At its annual Worldwide Developers Conference (WWDC), Apple unveiled Apple Intelligence, a self-branded “personal intelligence system” that will be deeply integrated into its platforms.
Apple Intelligence is built on a family of generative models created by Apple, including on-device and server-based models, diffusion models for image generation, and coding models. Additionally, Apple Intelligence can also leverage third-party models such as ChatGPT when more complex requests are required.
Here’s a quick overview of what we know so far about the two underlying models and how Apple Intelligence works.
On-device model
- size: Approximately 3 billion parameters
- Vocabulary size: 49K
- optimization: It employs low-bit quantization and grouped query attention for increased speed and efficiency.
- performance: On an iPhone 15 Pro, we achieve a latency to first token of 0.6ms per prompt token and a generation rate of 30 tokens per second.
Server-based model:
- Vocabulary size: Hundred thousand
- function: Use private cloud computing to handle more complex tasks and ensure privacy and security.
- optimization: Uses advanced techniques such as speculative decoding and context pruning to improve performance.
- safety: Built on a hardened subset of the iOS foundation, strong encryption and a secure boot process ensure the privacy of user data.
Apple’s models are trained on carefully curated datasets that do not contain any personal user information. The training data is a mix of licensed data, public data collected by AppleBot, and synthetic data. After training, Apple leverages new algorithms such as fine-tuning rejection sampling and reinforcement learning with human feedback to improve the model’s ability to follow instructions. Apple emphasizes that it does not use users’ private personal data or interactions when training the underlying models.

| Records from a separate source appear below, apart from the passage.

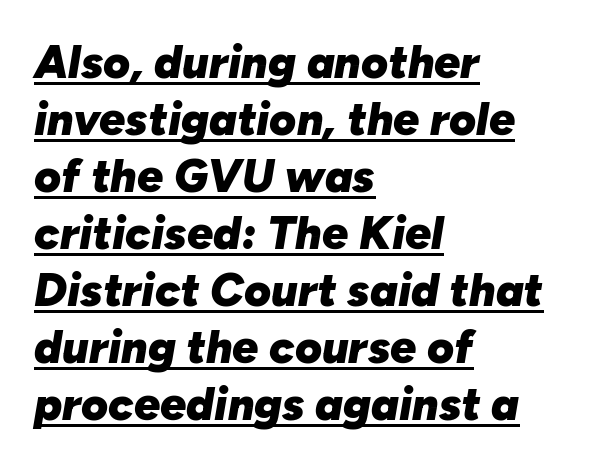
Q: Is the text bold? A: Yes.
Q: Is the text italic (slanted)? A: Yes, it leans right by about 10 degrees.
Q: Is the text underlined? A: Yes.
Q: How is the paragraph aligned? A: Left-aligned.
Q: Is the spacing between letters normal or unusually wide? A: Normal.
Q: Width (condensed, normal, or wide)? A: Normal.
Q: Stroke contrast? A: Low.
Q: x-height? A: Medium.
Q: Monospaced? A: No.
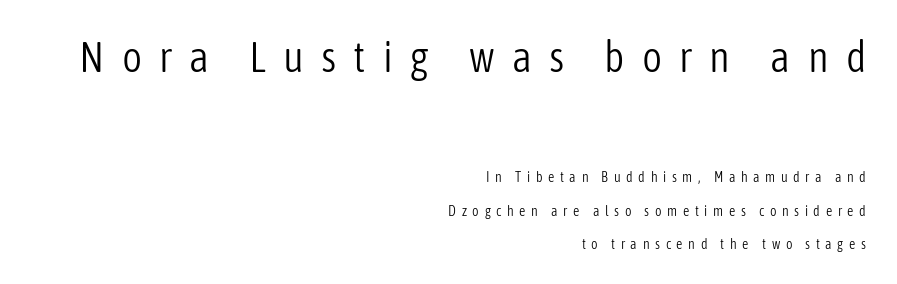
Q: Is the text bold? A: No.
Q: Is the text italic (slanted)? A: No, it is upright.
Q: Is the typeface a serif or a sans-serif typeface? A: Sans-serif.
Q: Is the text underlined? A: No.
Q: How is the paragraph aligned? A: Right-aligned.
Q: Is the spacing between letters normal or unusually wide? A: Unusually wide.
Q: Is the spacing between lines tight, normal or loose? A: Loose.
Q: Which block of text is set in a larger size, the first (top) or the second (bottom)? A: The first (top) one.
Q: Width (condensed, normal, or wide)? A: Condensed.
Q: Stroke contrast? A: Low.
Q: x-height? A: Medium.
Q: Monospaced? A: No.
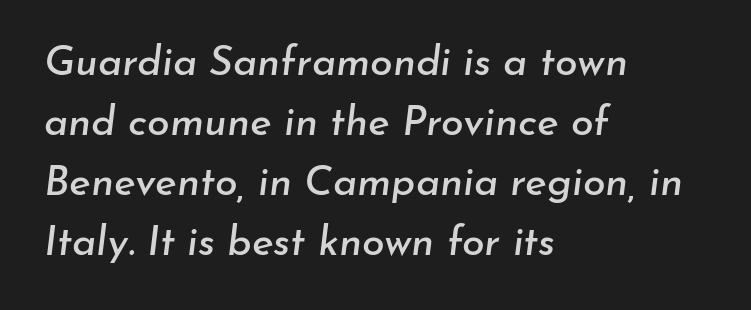
Varying glyph widths throughout — classic text-font behaviour. Short note: letters normally spaced. Decoration check: the copy has no underline. Rendered with sloped, italic letterforms.
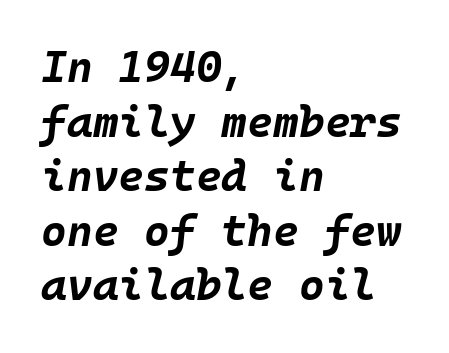
Q: Is the text bold? A: Yes.
Q: Is the text italic (slanted)? A: Yes, it leans right by about 10 degrees.
Q: Is the text underlined? A: No.
Q: How is the paragraph aligned? A: Left-aligned.
Q: Is the spacing between letters normal or unusually wide? A: Normal.
Q: Width (condensed, normal, or wide)? A: Normal.
Q: Stroke contrast? A: Low.
Q: x-height? A: Large.
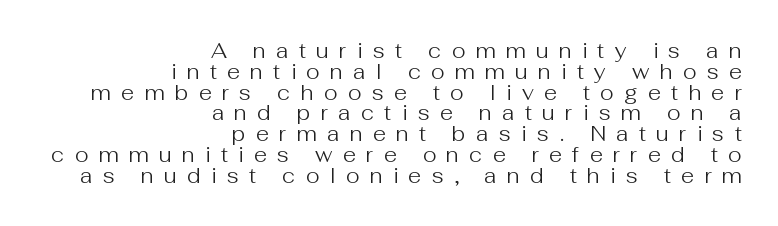
{"italic": "no", "bold": "no", "underline": "no", "align": "right", "line_spacing": "tight", "line_spacing_ratio": 0.99, "letter_spacing": "wide", "letter_spacing_em": 0.49, "glyph_px": 21}
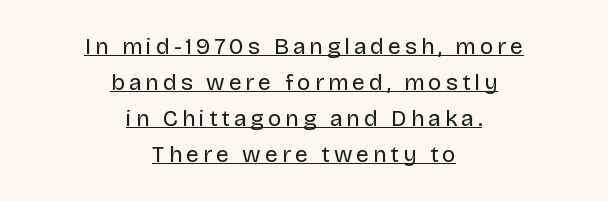
Notice how the stems are strictly vertical — no italics here. Both edges are ragged and mirror each other, which tells us the setting is centered. Every word sits above its own underline. Stems here are at most as thick as an everyday book face. The rendering uses a moderate line-height, typical for paragraphs.
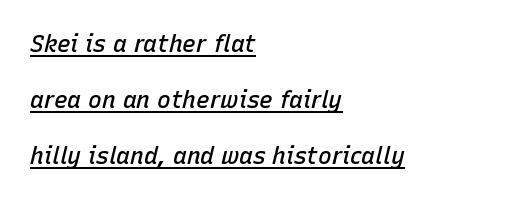
The image shows 23 px text type, italic (leaning right); set left-aligned, loose line spacing (2.43x), normal letter spacing, underlined.
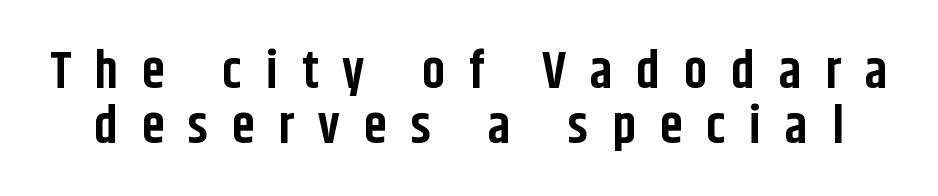
{"serif": "no", "italic": "no", "bold": "yes", "weight": "bold", "width": "condensed", "stroke_contrast": "low", "x_height": "large", "monospaced": "no", "underline": "no", "line_spacing": "tight", "line_spacing_ratio": 1.06, "letter_spacing": "wide", "letter_spacing_em": 0.46, "glyph_px": 52}
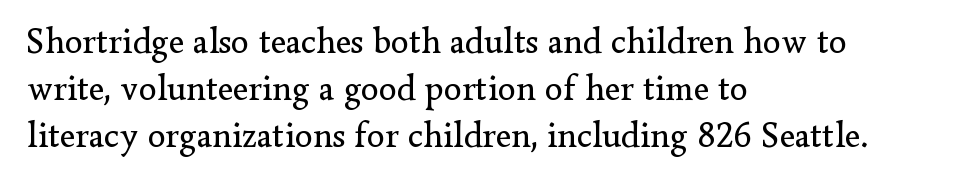
Q: Is the text bold? A: No.
Q: Is the text italic (slanted)? A: No, it is upright.
Q: Is the typeface a serif or a sans-serif typeface? A: Serif.
Q: Is the text underlined? A: No.
Q: How is the paragraph aligned? A: Left-aligned.
Q: Is the spacing between letters normal or unusually wide? A: Normal.
Q: Is the spacing between lines tight, normal or loose? A: Normal.
Q: Width (condensed, normal, or wide)? A: Normal.
Q: Stroke contrast? A: Low.
Q: x-height? A: Small.
Q: Monospaced? A: No.
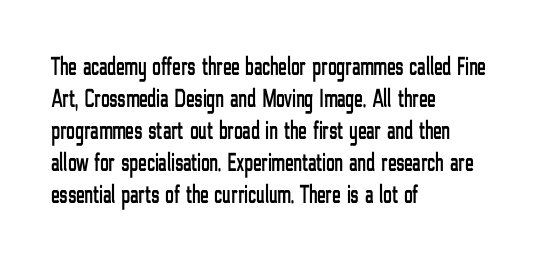
{"italic": "no", "underline": "no", "align": "left", "line_spacing_ratio": 1.23, "letter_spacing": "normal", "letter_spacing_em": 0.0, "glyph_px": 26}
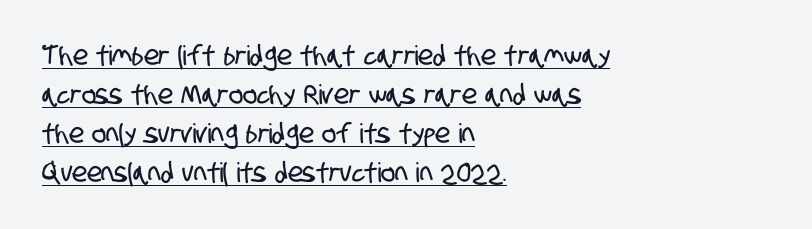
{"underline": "yes", "align": "left", "line_spacing": "normal", "line_spacing_ratio": 1.44, "letter_spacing": "normal", "letter_spacing_em": 0.0, "glyph_px": 27}
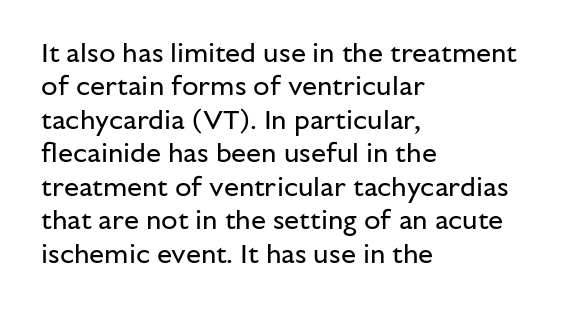
The image shows 27 px text type, upright; set left-aligned, line spacing 1.24x, normal letter spacing, not underlined.
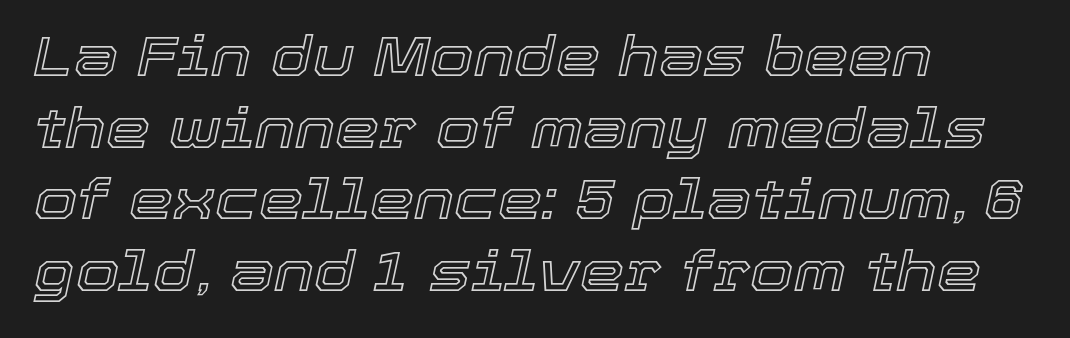
{"italic": "yes", "lean": "right", "slant_degrees": 12, "width": "normal", "x_height": "medium", "monospaced": "no", "underline": "no", "align": "left", "line_spacing": "normal", "line_spacing_ratio": 1.28, "letter_spacing": "normal", "letter_spacing_em": 0.0, "glyph_px": 56}
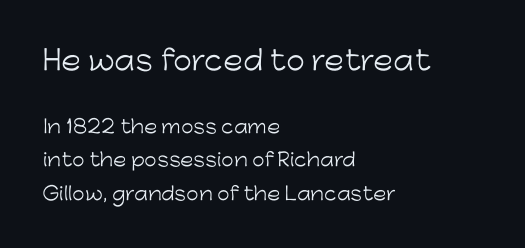
Q: Is the text bold? A: No.
Q: Is the text italic (slanted)? A: No, it is upright.
Q: Is the text underlined? A: No.
Q: How is the paragraph aligned? A: Left-aligned.
Q: Is the spacing between letters normal or unusually wide? A: Normal.
Q: Which block of text is set in a larger size, the first (top) or the second (bottom)? A: The first (top) one.

But the real magic happens at the optimization stage. Apple implemented a series of cutting-edge techniques to ensure optimal performance and efficiency on mobile devices. By employing techniques such as grouped query attention, shared embedding tables, low-bit parsing, and efficient key-value cache updates, Apple was able to create a highly compressed model that maintains quality while meeting the memory, power, and performance constraints of mobile devices.
Unlike general-purpose models like Google’s Gemini Nano or Microsoft’s Phi, Apple’s model is fine-tuned to the everyday activities users need to do on their devices, such as summarizing, replying to emails, and proofreading. It does this using a technique called “Low-Rank Adaptation” (LoRA): small neural network modules that are plugged into different layers of a pre-trained model. This allows the model to adapt to different tasks while still retaining its general knowledge. Crucially, these adapters can be loaded and swapped out dynamically, allowing the underlying model to become task-specific on the fly.
This makes it a bit difficult to compare Apple’s models to others: the company publishes performance ratings it ran on both the feature-specific adapter and the base model, but is careful about how it benchmarks its models.
Not surprisingly, Apple compared its models to those of open source and commercial competitors and found that human evaluators preferred its models for safety and usefulness. These results correlate highly with user experience, which is why Apple says it prioritizes human evaluation.
Apple said its models demonstrated robust performance when faced with adversarial prompts, achieving lower violation rates for harmful content, sensitive topics and factual content.
Overall, Apple’s on-device models are roughly on par with other small language models, while their server models are at around GPT-3.5 class. For the limited use cases that Apple Intelligence focuses on, this level of functionality is likely more than sufficient. This is likely why, despite the impressive evaluation numbers shared by Apple, they chose to partner with OpenAI to handle more complex requests.
Apple has put in a lot of effort to ensure that its AI models not only perform well but also run efficiently on mobile devices like the iPhone 15 Pro. While Apple’s approach to training and optimizing the underlying models is not revolutionary, its focus on efficiency, performance, and scalability appears to be achieving impressive results in delivering powerful, personalized AI experiences.